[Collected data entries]

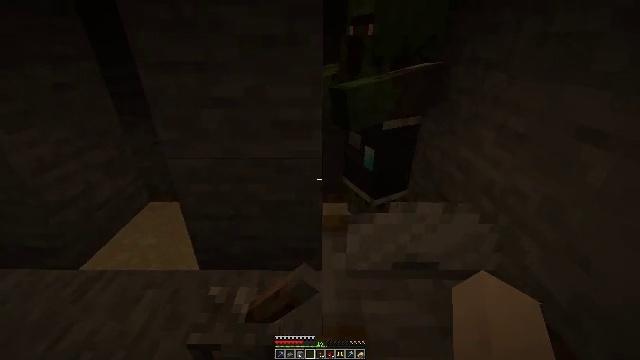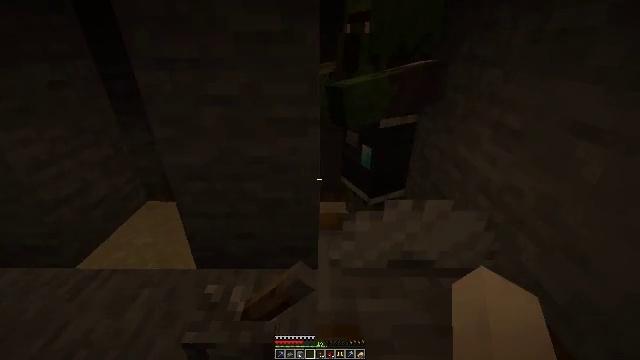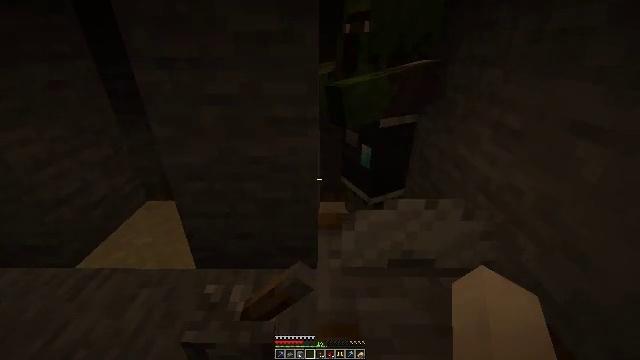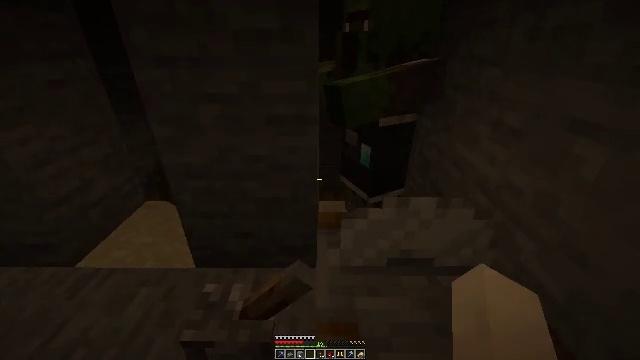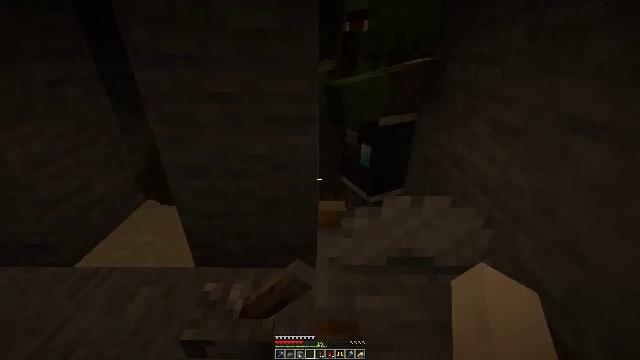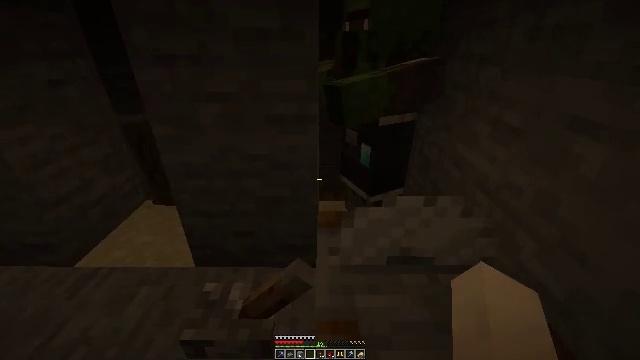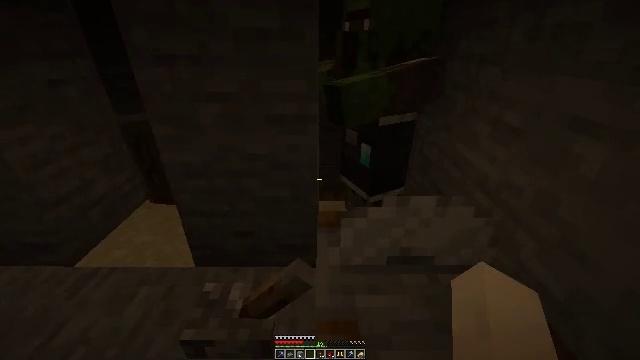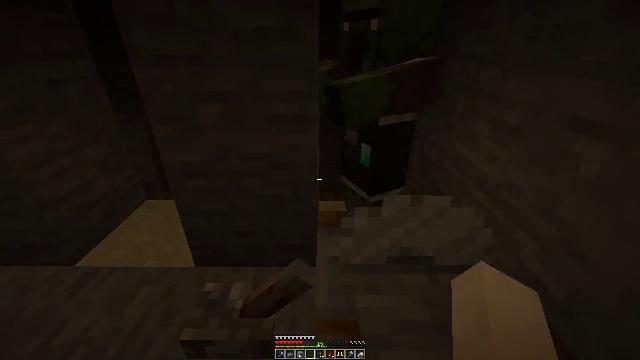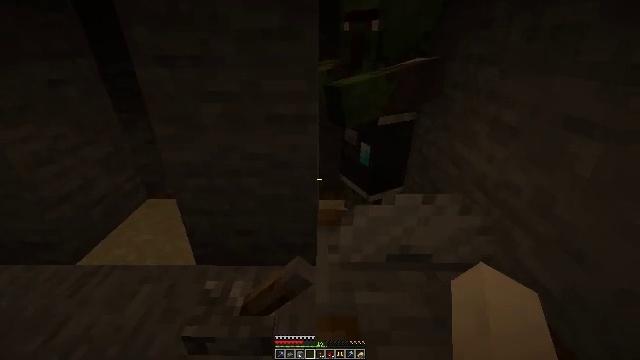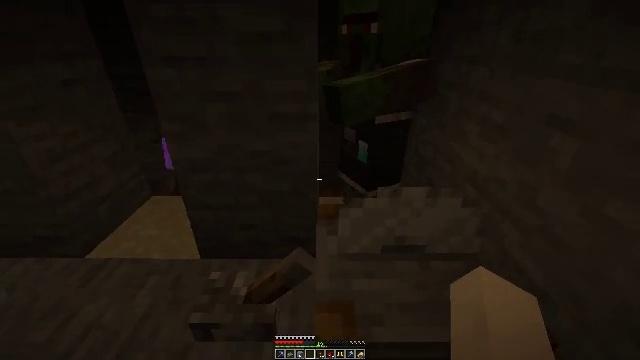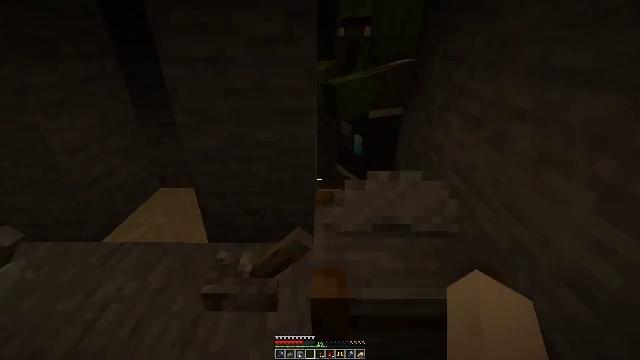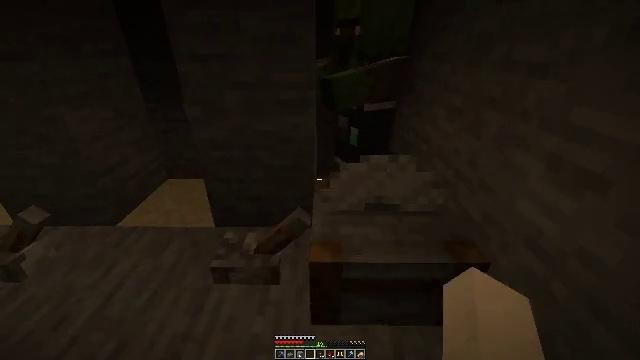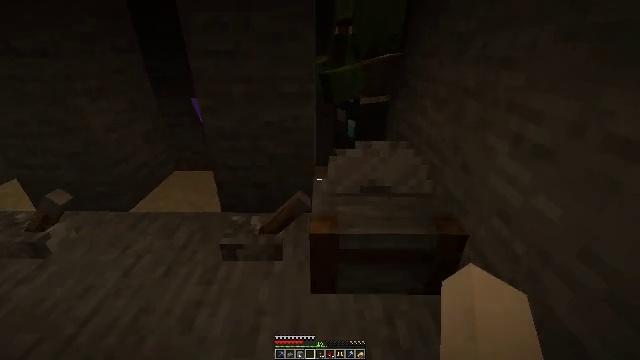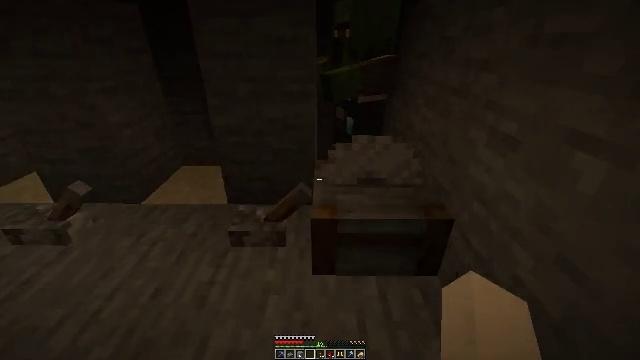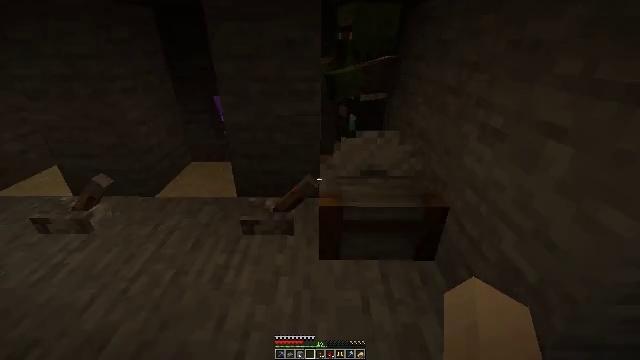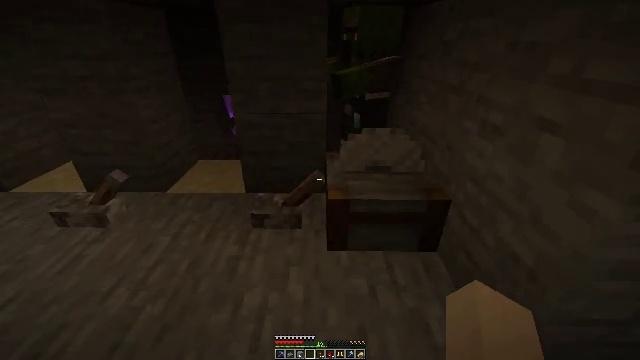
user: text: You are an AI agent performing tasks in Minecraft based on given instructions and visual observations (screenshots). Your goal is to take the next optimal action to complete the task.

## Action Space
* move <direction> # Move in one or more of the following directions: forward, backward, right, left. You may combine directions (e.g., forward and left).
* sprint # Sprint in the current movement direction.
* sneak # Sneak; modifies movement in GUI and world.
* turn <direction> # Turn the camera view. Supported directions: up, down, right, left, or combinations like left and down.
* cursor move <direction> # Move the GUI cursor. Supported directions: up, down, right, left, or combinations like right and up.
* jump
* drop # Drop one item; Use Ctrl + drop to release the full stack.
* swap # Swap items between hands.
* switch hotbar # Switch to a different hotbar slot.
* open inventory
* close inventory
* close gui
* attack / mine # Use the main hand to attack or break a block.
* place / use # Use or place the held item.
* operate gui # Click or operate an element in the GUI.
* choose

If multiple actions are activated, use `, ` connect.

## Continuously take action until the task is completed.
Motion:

§ Problem requirements
Above are some lines. Repeat exactly, and only, those from the line that has "## Action Space" through the line that has "the full stack.".

§ Result of this task
## Action Space
* move <direction> # Move in one or more of the following directions: forward, backward, right, left. You may combine directions (e.g., forward and left).
* sprint # Sprint in the current movement direction.
* sneak # Sneak; modifies movement in GUI and world.
* turn <direction> # Turn the camera view. Supported directions: up, down, right, left, or combinations like left and down.
* cursor move <direction> # Move the GUI cursor. Supported directions: up, down, right, left, or combinations like right and up.
* jump
* drop # Drop one item; Use Ctrl + drop to release the full stack.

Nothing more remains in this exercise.